**tl;dr** I can run the full test suite in 85 seconds on SQLite, a 4.8x speedup.
Hello,
Since I last wrote about this project, I improved parallelization by:
- reworking the IPC to avoid exchanging tracebacks
- implementing database duplication for SQLite, PostgreSQL and MySQL
The code is still rough. Several options of runtests.py don't work with
parallelization.
Initially performance was disappointing. I couldn’t max out my cores during
the whole run. With some basic monitoring I noticed that the CPU load
plummeted when there were spikes of disk writes. This led me to believe I was
disk I/O bound even with an in-memory database and a SSD.
So I started optimizing disk I/O, which means doing less I/O and doing it only
in a RAM-mounted temporary directory. Writing to RAM instead of writing to
disk helps a lot. It’s as simple as creating a RAMdisk (that depends on your
OS) and pointing the TMPDIR environment variable to the RAMdisk.
Unfortunately, i18n and migrations management commands write in the
application directories. I haven't found (yet) a way to point them to a
temporary directory instead.
My 2012 MacBook Pro with a 2.3 GHz Intel Core i7 (4 cores, 8 threads) takes:
- 30 seconds for creating the two databases
- 240 seconds to run the actual tests in a single process
- 72 seconds in 4 processes (3.3x faster)

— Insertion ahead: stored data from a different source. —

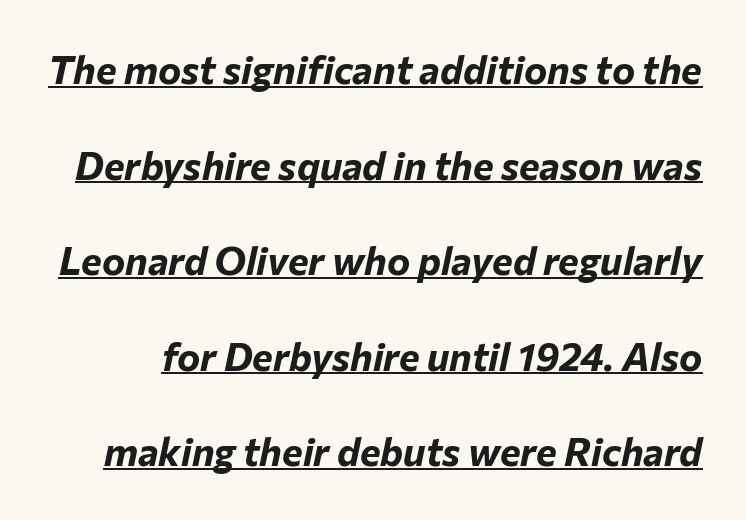
The face used here is proportionally spaced, like ordinary book or web type. The font is running at its bold setting. Italic: yes, the glyphs are oblique. Honestly, the letter spacing is just normal — you wouldn't notice it. Reading down the column, the eye jumps a long way to each next line. A typographer would call this underscored text.
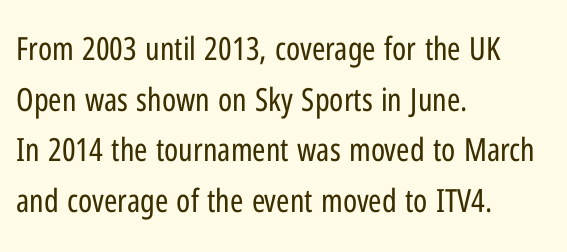
Teacher's note: observe the even left margin — that is flush-left alignment. The face used here is a sans, in the tradition of grotesques and geometrics. Bold? No — there's no thickening of the strokes. The letters stand straight up with perfectly vertical stems. In terms of letterspacing, this is plain default setting. Regarding leading, the lines here are spaced in the standard way.
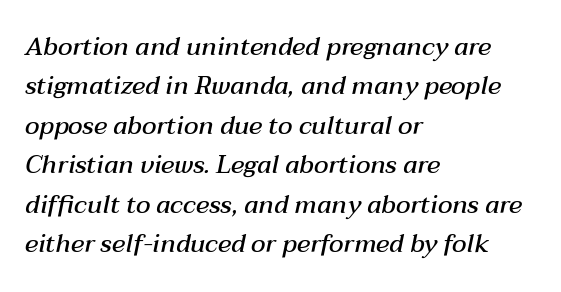
Q: Is the text bold? A: Semi-bold.
Q: Is the text italic (slanted)? A: Yes, it leans right by about 12 degrees.
Q: Is the text underlined? A: No.
Q: How is the paragraph aligned? A: Left-aligned.
Q: Is the spacing between letters normal or unusually wide? A: Normal.
Q: Is the spacing between lines tight, normal or loose? A: Normal.
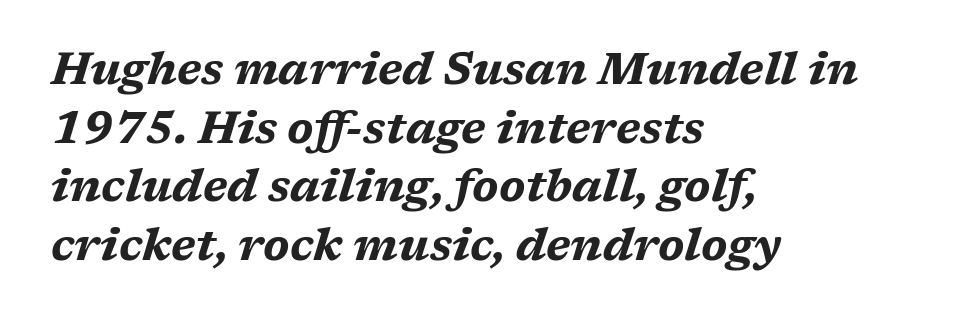
{"italic": "yes", "lean": "right", "slant_degrees": 17, "bold": "yes", "weight": "bold", "width": "wide", "stroke_contrast": "medium", "x_height": "medium", "monospaced": "no", "underline": "no", "align": "left", "line_spacing": "normal", "line_spacing_ratio": 1.33, "letter_spacing": "normal", "letter_spacing_em": 0.0, "glyph_px": 44}
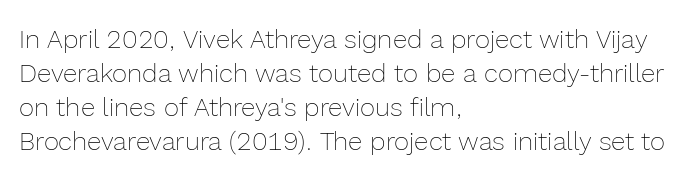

- 60 seconds in 6 processes (4x faster)
- 55 seconds in 8 processes (4.4x faster)
That looks quite close to what my hardware can do. Hyperthreading doesn't help
as much as multiple cores when it comes to running multiple processes and the
synchronization costs increase with the number of processes.
Creating the database accounts for more than a third of the total runtime. I'm
not sure how much time is spent in the migrations framework and how much doing
the table creations. --keepdb helps but it requires an on-disk database. An
on-RAMdisk database would most likely be the best option. I haven't tried it
yet. It should work with at least SQLite and PostgreSQL (using tablespaces).
If you want to help, I'd be interested in:
- reports of whether parallelization works for test suites other than Django's
own -- apply my pull request and run `django-admin test --parallel` or
`django-admin test --parallel-num=N`
- a patch implementing database duplication on Oracle
Let me know if you have questions or concerns.